By Ricardo Muniz  |  Agência FAPESP – Research conducted by Brazilian scientists and published in the journal Molecular Biology and Evolution has identified long noncoding RNAs (lncRNAs) active in the human cerebral cortex and mapped their evolution. The study involved the Butantan Institute and the University of São Paulo’s Institute of Chemistry (IQ-USP) and was supported by FAPESP. 

Long non-coding RNAs are genes that do not translate into functional proteins. The research group aimed to understand when these RNAs emerged during the evolution of the cortex in humans and other species and to identify their role in the complex organization of the brain. This information could help characterize their involvement in neurodevelopmental disorders. Although some characteristics may suggest that lncRNAs are merely transcriptional noise, research has shown that they have regulatory functions and the ability to acquire new functional modalities. Thus, a better understanding of their role may reveal potential therapeutic targets.

Important comparisons

The way brain cells function depends on which sets of genes are activated in each cell type and tissue. The cortex, the region responsible for processing information that gives humans immense cognitive capacity, is affected by neurodevelopmental disorders.

To characterize the evolution of the cortex, the outermost layer of the brain, the group compared the human lncRNA repertoire with those of three other vertebrate species. “Using gene transcription and genome comparison data, we made the first detailed and complete annotation of the genes transcribed in the cortex of humans, rhesus monkeys, mice, and chickens and classified the long non-coding RNAs into four distinct evolutionary groups based on their predicted ages,” explains Sergio Verjovski-Almeida, a researcher at the Cell Cycle Laboratory of the Butantan Institute and a professor at the Department of Biochemistry at IQ-USP.

The oldest lncRNAs are present in humans and chickens and emerged more than 300 million years ago. Those present in humans and mice emerged more than 90 million years ago. The most recent ones appeared over 25 million years ago and are found in humans and rhesus monkeys. The researchers also identified lncRNAs that were not present in the other three species studied and are specific to humans.

The authors systematically evaluated the contribution of lncRNAs, compiling a comprehensive catalog. “We show that they exhibit signatures that suggest they’ve played a role in functional specialization throughout evolution,” they say. “We used comparative transcriptomics and genomics to characterize the evolution of the lncRNA repertoire, and our analyses identified signatures of different evolutionary pathways for lncRNAs over time,” they point out.

Older lncRNAs are preferentially expressed near developmental regulatory genes, while newer lncRNAs are selectively expressed in excitatory neurons – precisely those that are dysregulated in patients with neurodevelopmental disorders, such as autism spectrum disorder (ASD). The results suggest that these structures require further study.

“The analyses showed that the oldest lncRNAs were preferentially expressed in germinative zones, in outer radial glial cells, and in inhibitory GABAergic neurons [which inhibit the activity of other neurons by producing the neurotransmitter GABA] in the cortex. On the other hand, the younger ones showed preferential expression in excitatory glutamatergic neurons of the cortex [which stimulate other neurons by producing glutamate] – and appear to be dysregulated in patients with autism or autism accompanied by epilepsy,” explains Verjovski-Almeida.

Unexplored potential

Understanding how the structures of the cerebral cortex function on a molecular level is fundamental to unraveling the evolution of human cognition and gaining a deeper understanding of how it is impaired by diseases. For this reason, the authors argue that considerable effort has been made over the last decade to identify these changes, but the focus has been on the expression of protein-coding genes. However, it is now necessary to expand these analyses to the non-coding transcriptome, or the set of RNAs that do not give rise to proteins. “This is crucial to improving our understanding of the regulatory modifications of genes that led to the evolution of the human cerebral cortex.”
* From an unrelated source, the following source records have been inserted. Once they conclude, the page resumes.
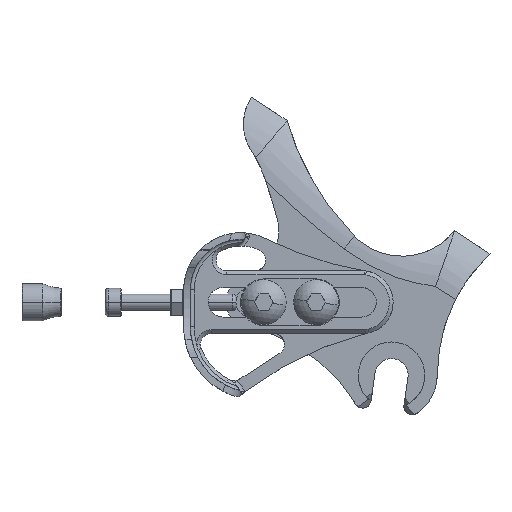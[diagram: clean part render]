
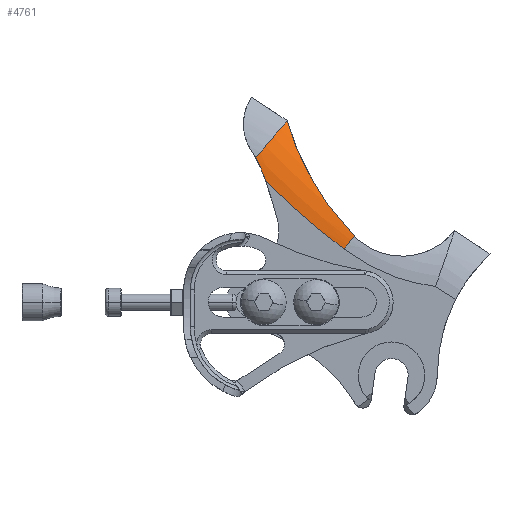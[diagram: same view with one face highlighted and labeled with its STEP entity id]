
A CAD part, top view. The second image highlights one B-rep face of the part: STEP entity #4761.
In plain terms, the highlighted toroidal (fillet/blend) face has major radius 245.044 mm and minor radius 25.4 mm.
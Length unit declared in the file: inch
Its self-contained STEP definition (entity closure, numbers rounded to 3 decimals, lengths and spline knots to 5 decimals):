
#253 = CARTESIAN_POINT ( 'NONE',  ( -1.15278, 2.75373, -0.16325 ) ) ;
#314 = EDGE_CURVE ( 'NONE', #5064, #7069, #3376, .T. ) ;
#448 = CARTESIAN_POINT ( 'NONE',  ( 5.29508, 9.17409, 0. ) ) ;
#561 = CARTESIAN_POINT ( 'NONE',  ( -1.28305, 3.03232, -0.23621 ) ) ;
#571 = CARTESIAN_POINT ( 'NONE',  ( -1.51845, 2.35006, 0. ) ) ;
#704 = B_SPLINE_CURVE_WITH_KNOTS ( 'NONE', 3,
 ( #3579, #10489, #1931, #7917, #2761, #8764, #3614, #9633, #4475, #10532, #5348, #253, #6236, #1114, #7090, #1966 ),
 .UNSPECIFIED., .F., .F.,
 ( 4, 2, 2, 2, 2, 2, 2, 4 ),
 ( 0.00019, 0.01061, 0.02103, 0.02364, 0.02624, 0.03145, 0.03666, 0.04187 ),
 .UNSPECIFIED. ) ;
#795 = CARTESIAN_POINT ( 'NONE',  ( -0.57159, 1.51545, -1. ) ) ;
#799 = FACE_OUTER_BOUND ( 'NONE', #7526, .T. ) ;
#813 = CARTESIAN_POINT ( 'NONE',  ( -1.51375, 2.758, -0.04316 ) ) ;
#975 = ORIENTED_EDGE ( 'NONE', *, *, #3581, .F. ) ;
#1114 = CARTESIAN_POINT ( 'NONE',  ( -1.22003, 2.93959, -0.22271 ) ) ;
#1300 = DIRECTION ( 'NONE',  ( -1., 0., 0. ) ) ;
#1411 = CARTESIAN_POINT ( 'NONE',  ( -1.31057, 2.99965, -0.20223 ) ) ;
#1457 = CARTESIAN_POINT ( 'NONE',  ( -1.52146, 2.35897, -0.00003 ) ) ;
#1536 = EDGE_CURVE ( 'NONE', #3222, #7069, #7994, .T. ) ;
#1638 = DIRECTION ( 'NONE',  ( 0.608, 0.794, 0. ) ) ;
#1709 = CARTESIAN_POINT ( 'NONE',  ( -1.59869, 2.65668, -0.01146 ) ) ;
#1931 = CARTESIAN_POINT ( 'NONE',  ( -0.63626, 1.87759, -0.03001 ) ) ;
#1966 = CARTESIAN_POINT ( 'NONE',  ( -1.25714, 3.06303, -0.274 ) ) ;
#2011 = CARTESIAN_POINT ( 'NONE',  ( -0.57159, 1.51545, 0. ) ) ;
#2490 = CIRCLE ( 'NONE', #10376, 1. ) ;
#2513 = CARTESIAN_POINT ( 'NONE',  ( -1.52448, 2.36789, -0.00008 ) ) ;
#2761 = CARTESIAN_POINT ( 'NONE',  ( -0.87698, 2.20852, -0.05912 ) ) ;
#3185 = CARTESIAN_POINT ( 'NONE',  ( -1.25714, 3.06303, -0.274 ) ) ;
#3222 = VERTEX_POINT ( 'NONE', #2513 ) ;
#3376 = B_SPLINE_CURVE_WITH_KNOTS ( 'NONE', 3,
 ( #9943, #561, #1411, #6533, #3923, #10838, #4780, #5031, #813, #11092, #1709, #7765 ),
 .UNSPECIFIED., .F., .F.,
 ( 4, 2, 2, 2, 2, 4 ),
 ( 0., 0.00414, 0.00829, 0.01036, 0.01243, 0.01657 ),
 .UNSPECIFIED. ) ;
#3579 = CARTESIAN_POINT ( 'NONE',  ( -0.44945, 1.67489, -0.02038 ) ) ;
#3581 = EDGE_CURVE ( 'NONE', #8160, #6538, #10754, .T. ) ;
#3614 = CARTESIAN_POINT ( 'NONE',  ( -0.97894, 2.38604, -0.08518 ) ) ;
#3785 = CARTESIAN_POINT ( 'NONE',  ( -1.52448, 2.36789, -0.00008 ) ) ;
#3923 = CARTESIAN_POINT ( 'NONE',  ( -1.39932, 2.89422, -0.11486 ) ) ;
#4174 = ORIENTED_EDGE ( 'NONE', *, *, #314, .T. ) ;
#4475 = CARTESIAN_POINT ( 'NONE',  ( -1.02699, 2.47673, -0.1007 ) ) ;
#4622 = ORIENTED_EDGE ( 'NONE', *, *, #7260, .F. ) ;
#4761 = ADVANCED_FACE ( 'NONE', ( #799 ), #9340, .T. ) ;
#4780 = CARTESIAN_POINT ( 'NONE',  ( -1.46402, 2.81723, -0.07004 ) ) ;
#4787 = EDGE_CURVE ( 'NONE', #8160, #7008, #2490, .T. ) ;
#4851 = AXIS2_PLACEMENT_3D ( 'NONE', #448, #6432, #1300 ) ;
#5031 = CARTESIAN_POINT ( 'NONE',  ( -1.49706, 2.77788, -0.0514 ) ) ;
#5064 = VERTEX_POINT ( 'NONE', #3185 ) ;
#5348 = CARTESIAN_POINT ( 'NONE',  ( -1.10077, 2.63017, -0.13186 ) ) ;
#5363 = ORIENTED_EDGE ( 'NONE', *, *, #6033, .T. ) ;
#5527 = CARTESIAN_POINT ( 'NONE',  ( -1.63376, 2.6148, -0.00566 ) ) ;
#5646 = CARTESIAN_POINT ( 'NONE',  ( -0.44945, 1.67489, -0.02038 ) ) ;
#5796 = DIRECTION ( 'NONE',  ( -1., 0., 0. ) ) ;
#6033 = EDGE_CURVE ( 'NONE', #7008, #5064, #704, .T. ) ;
#6236 = CARTESIAN_POINT ( 'NONE',  ( -1.17661, 2.81571, -0.18114 ) ) ;
#6432 = DIRECTION ( 'NONE',  ( 0., 0., -1. ) ) ;
#6533 = CARTESIAN_POINT ( 'NONE',  ( -1.36871, 2.93061, -0.14156 ) ) ;
#6538 = VERTEX_POINT ( 'NONE', #9222 ) ;
#6547 = CARTESIAN_POINT ( 'NONE',  ( -1.51544, 2.34111, 0. ) ) ;
#6768 = DIRECTION ( 'NONE',  ( -0.794, 0.608, 0. ) ) ;
#7008 = VERTEX_POINT ( 'NONE', #5646 ) ;
#7069 = VERTEX_POINT ( 'NONE', #10111 ) ;
#7090 = CARTESIAN_POINT ( 'NONE',  ( -1.23962, 3.0015, -0.24638 ) ) ;
#7260 = EDGE_CURVE ( 'NONE', #6538, #3222, #8981, .T. ) ;
#7430 = CARTESIAN_POINT ( 'NONE',  ( -1.52448, 2.36789, -0.00008 ) ) ;
#7526 = EDGE_LOOP ( 'NONE', ( #975, #9649, #5363, #4174, #10985, #4622 ) ) ;
#7765 = CARTESIAN_POINT ( 'NONE',  ( -1.63376, 2.6148, -0.00566 ) ) ;
#7917 = CARTESIAN_POINT ( 'NONE',  ( -0.80149, 2.095, -0.04741 ) ) ;
#7994 = B_SPLINE_CURVE_WITH_KNOTS ( 'NONE', 3,
 ( #3785, #8938, #10705, #5527 ),
 .UNSPECIFIED., .F., .F.,
 ( 4, 4 ),
 ( 0., 0.00686 ),
 .UNSPECIFIED. ) ;
#8160 = VERTEX_POINT ( 'NONE', #2011 ) ;
#8764 = CARTESIAN_POINT ( 'NONE',  ( -0.96233, 2.35621, -0.08055 ) ) ;
#8938 = CARTESIAN_POINT ( 'NONE',  ( -1.55364, 2.45374, -0.00058 ) ) ;
#8981 = B_SPLINE_CURVE_WITH_KNOTS ( 'NONE', 3,
 ( #6547, #571, #1457, #7430 ),
 .UNSPECIFIED., .F., .F.,
 ( 4, 4 ),
 ( 0.01183, 0.01254 ),
 .UNSPECIFIED. ) ;
#9222 = CARTESIAN_POINT ( 'NONE',  ( -1.51544, 2.34111, 0. ) ) ;
#9340 = TOROIDAL_SURFACE ( 'NONE', #9773, 9.64742, 1. ) ;
#9633 = CARTESIAN_POINT ( 'NONE',  ( -1.01126, 2.44627, -0.09525 ) ) ;
#9649 = ORIENTED_EDGE ( 'NONE', *, *, #4787, .T. ) ;
#9773 = AXIS2_PLACEMENT_3D ( 'NONE', #10962, #10789, #5796 ) ;
#9943 = CARTESIAN_POINT ( 'NONE',  ( -1.25714, 3.06303, -0.274 ) ) ;
#10111 = CARTESIAN_POINT ( 'NONE',  ( -1.63376, 2.6148, -0.00566 ) ) ;
#10376 = AXIS2_PLACEMENT_3D ( 'NONE', #795, #6768, #1638 ) ;
#10489 = CARTESIAN_POINT ( 'NONE',  ( -0.54653, 1.77368, -0.02435 ) ) ;
#10532 = CARTESIAN_POINT ( 'NONE',  ( -1.07259, 2.56858, -0.11837 ) ) ;
#10705 = CARTESIAN_POINT ( 'NONE',  ( -1.5901, 2.53601, -0.00326 ) ) ;
#10754 = CIRCLE ( 'NONE', #4851, 9.64742 ) ;
#10789 = DIRECTION ( 'NONE',  ( 0., 0., -1. ) ) ;
#10838 = CARTESIAN_POINT ( 'NONE',  ( -1.44762, 2.83675, -0.08048 ) ) ;
#10962 = CARTESIAN_POINT ( 'NONE',  ( 5.29508, 9.17409, -1. ) ) ;
#10985 = ORIENTED_EDGE ( 'NONE', *, *, #1536, .F. ) ;
#11092 = CARTESIAN_POINT ( 'NONE',  ( -1.56431, 2.69771, -0.02161 ) ) ;

One challenge is finding the most relevant experimental models and cellular processes and searching for lncRNAs that are key targets in these processes. Another challenge is showing the loss and gain of function in a given cell type or organ when their transcription is repressed or overexpressed.

The work of the group was important because, in recent years, the intensive use of large-scale sequencing to detect gene expression in various organisms has revealed that thousands of lncRNAs represent a specific and diverse class of RNAs. Nevertheless, only a few dozen of these RNAs in humans have had their molecular mechanisms identified and characterized in detail.

In addition to Verjovski-Almeida, the work involved David Morales-Vicente, Ana Tahira, Murilo Amaral, and two of Verjovski-Almeida’s FAPESP-supported students: Daisy Woellner-Santos (19/09404-3) and Maria Gabriela Berzoti-Coelho (20/02976-9).

The article “The Human Developing Cerebral Cortex Is Characterized by an Elevated De Novo Expression of Long Noncoding RNAs in Excitatory Neurons” can be read at academic.oup.com/mbe/article/41/7/msae123/7697981.